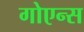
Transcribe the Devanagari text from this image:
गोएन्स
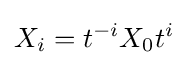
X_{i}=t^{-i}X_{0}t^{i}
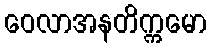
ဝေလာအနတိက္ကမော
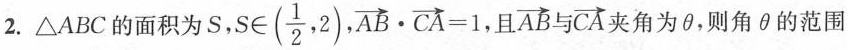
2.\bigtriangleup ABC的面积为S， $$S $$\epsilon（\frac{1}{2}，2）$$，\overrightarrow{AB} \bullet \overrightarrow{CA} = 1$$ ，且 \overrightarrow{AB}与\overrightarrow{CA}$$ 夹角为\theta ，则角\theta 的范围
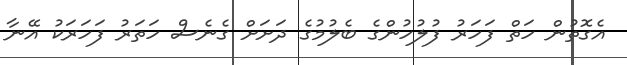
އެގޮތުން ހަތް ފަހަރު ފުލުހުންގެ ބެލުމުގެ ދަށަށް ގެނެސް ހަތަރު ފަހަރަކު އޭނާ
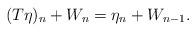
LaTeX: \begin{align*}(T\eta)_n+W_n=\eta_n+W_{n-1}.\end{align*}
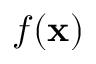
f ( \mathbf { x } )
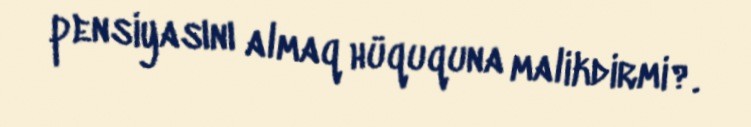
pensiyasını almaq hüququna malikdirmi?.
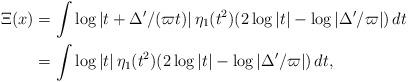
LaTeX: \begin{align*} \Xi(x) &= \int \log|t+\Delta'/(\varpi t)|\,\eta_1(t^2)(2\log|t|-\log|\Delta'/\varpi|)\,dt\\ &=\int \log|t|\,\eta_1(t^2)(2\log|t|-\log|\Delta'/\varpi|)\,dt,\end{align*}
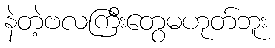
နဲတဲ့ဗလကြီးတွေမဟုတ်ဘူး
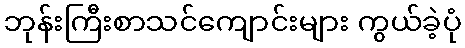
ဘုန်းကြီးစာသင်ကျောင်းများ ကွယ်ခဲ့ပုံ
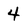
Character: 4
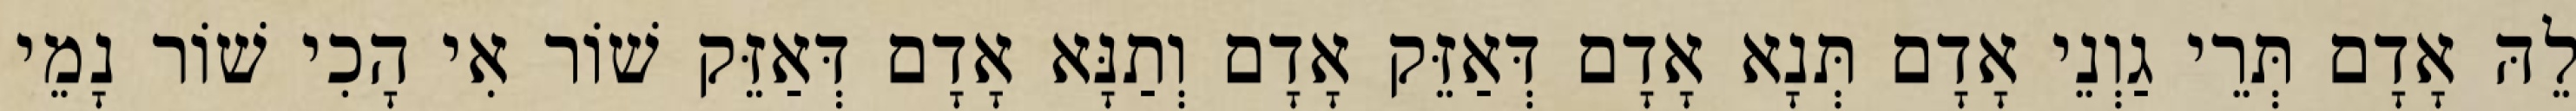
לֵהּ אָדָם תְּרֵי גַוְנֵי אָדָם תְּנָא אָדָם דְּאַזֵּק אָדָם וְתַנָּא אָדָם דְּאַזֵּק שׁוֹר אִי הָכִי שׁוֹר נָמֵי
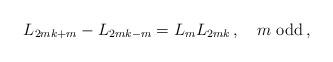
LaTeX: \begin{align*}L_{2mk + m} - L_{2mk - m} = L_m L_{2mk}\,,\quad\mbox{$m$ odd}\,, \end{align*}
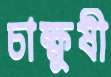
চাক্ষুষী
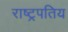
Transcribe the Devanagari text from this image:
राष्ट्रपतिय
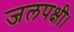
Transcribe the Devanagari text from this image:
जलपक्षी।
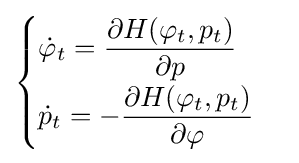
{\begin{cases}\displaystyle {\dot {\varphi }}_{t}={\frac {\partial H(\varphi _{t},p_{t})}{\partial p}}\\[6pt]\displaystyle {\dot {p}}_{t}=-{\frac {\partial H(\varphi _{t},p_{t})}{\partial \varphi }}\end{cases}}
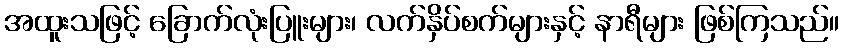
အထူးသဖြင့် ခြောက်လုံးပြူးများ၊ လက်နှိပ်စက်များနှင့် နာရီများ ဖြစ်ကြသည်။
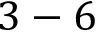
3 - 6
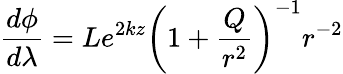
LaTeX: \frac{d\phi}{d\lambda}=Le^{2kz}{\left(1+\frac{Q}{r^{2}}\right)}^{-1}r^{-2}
● ● ●
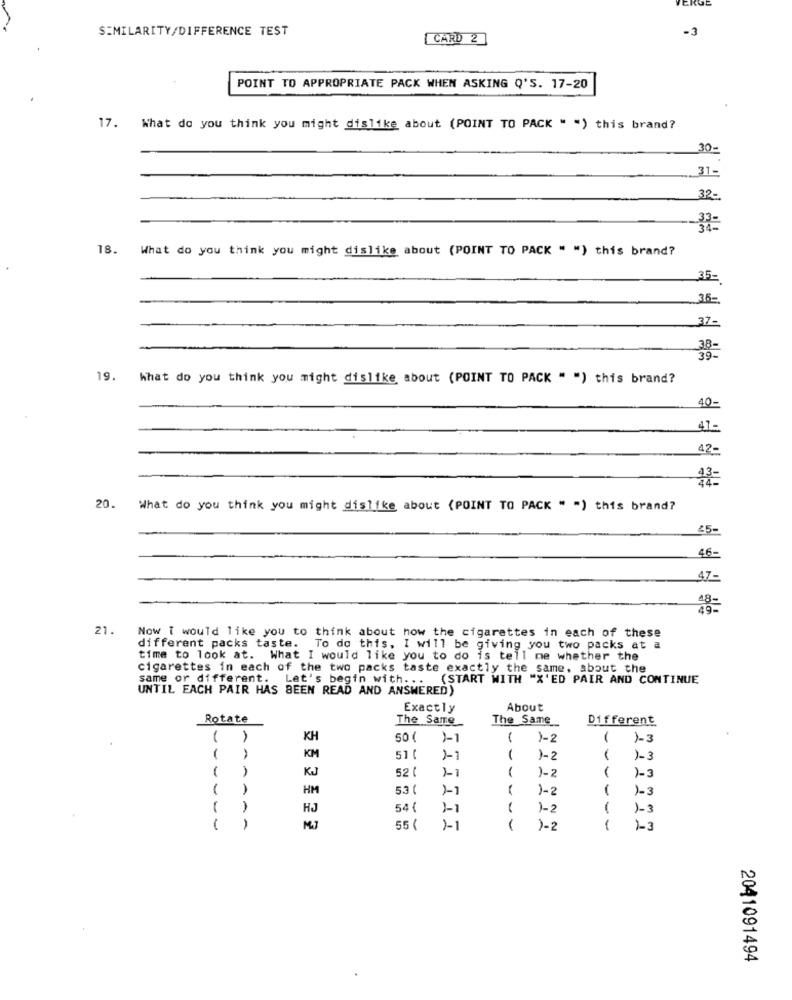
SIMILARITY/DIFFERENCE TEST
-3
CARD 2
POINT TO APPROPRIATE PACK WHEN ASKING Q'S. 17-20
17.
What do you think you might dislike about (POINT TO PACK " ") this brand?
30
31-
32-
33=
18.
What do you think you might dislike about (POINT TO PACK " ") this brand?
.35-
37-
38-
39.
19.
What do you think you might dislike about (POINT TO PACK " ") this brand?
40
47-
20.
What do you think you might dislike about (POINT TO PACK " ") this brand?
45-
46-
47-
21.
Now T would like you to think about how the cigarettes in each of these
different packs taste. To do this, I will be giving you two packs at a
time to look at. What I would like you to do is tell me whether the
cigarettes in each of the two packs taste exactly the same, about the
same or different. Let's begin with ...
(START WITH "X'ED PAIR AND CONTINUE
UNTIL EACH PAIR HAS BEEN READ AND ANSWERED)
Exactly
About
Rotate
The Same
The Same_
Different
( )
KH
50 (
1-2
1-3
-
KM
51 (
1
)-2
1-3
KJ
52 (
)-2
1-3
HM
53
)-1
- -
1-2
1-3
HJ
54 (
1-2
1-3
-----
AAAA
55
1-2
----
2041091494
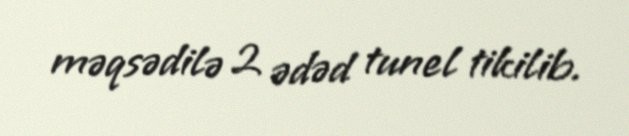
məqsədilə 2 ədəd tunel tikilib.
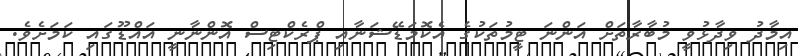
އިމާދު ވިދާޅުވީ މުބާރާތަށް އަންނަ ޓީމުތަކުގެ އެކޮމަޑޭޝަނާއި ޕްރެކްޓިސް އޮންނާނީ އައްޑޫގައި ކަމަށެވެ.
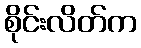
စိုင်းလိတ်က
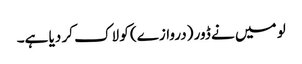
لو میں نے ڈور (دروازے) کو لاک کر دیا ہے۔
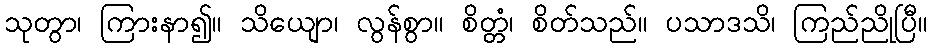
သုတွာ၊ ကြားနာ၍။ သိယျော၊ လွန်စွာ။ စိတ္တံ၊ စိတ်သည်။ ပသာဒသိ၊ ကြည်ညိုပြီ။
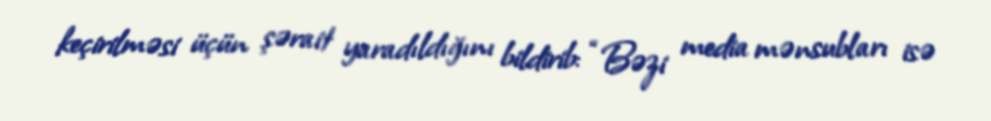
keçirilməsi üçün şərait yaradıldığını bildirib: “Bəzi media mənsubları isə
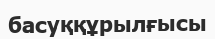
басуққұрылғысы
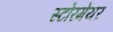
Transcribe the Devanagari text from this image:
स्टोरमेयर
● ● ●
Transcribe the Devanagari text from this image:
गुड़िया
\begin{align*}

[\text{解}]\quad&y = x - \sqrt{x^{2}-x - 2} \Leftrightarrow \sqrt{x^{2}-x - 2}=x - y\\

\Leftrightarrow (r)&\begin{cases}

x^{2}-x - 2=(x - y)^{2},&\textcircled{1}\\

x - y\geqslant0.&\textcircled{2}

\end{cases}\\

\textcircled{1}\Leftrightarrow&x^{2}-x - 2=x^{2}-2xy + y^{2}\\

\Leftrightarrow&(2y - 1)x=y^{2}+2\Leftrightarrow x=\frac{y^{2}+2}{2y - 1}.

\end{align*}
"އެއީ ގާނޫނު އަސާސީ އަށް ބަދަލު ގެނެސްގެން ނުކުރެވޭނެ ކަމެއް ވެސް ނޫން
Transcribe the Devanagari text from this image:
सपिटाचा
● ● ●
## [Brief]
Pull every line with the string "quad" from the data above.

## [Response for this exercise]
LaTeX: \begin{align*}L_{2mk + m} - L_{2mk - m} = L_m L_{2mk}\,,\quad\mbox{$m$ odd}\,, \end{align*}
[\text{解}]\quad&y = x - \sqrt{x^{2}-x - 2} \Leftrightarrow \sqrt{x^{2}-x - 2}=x - y\\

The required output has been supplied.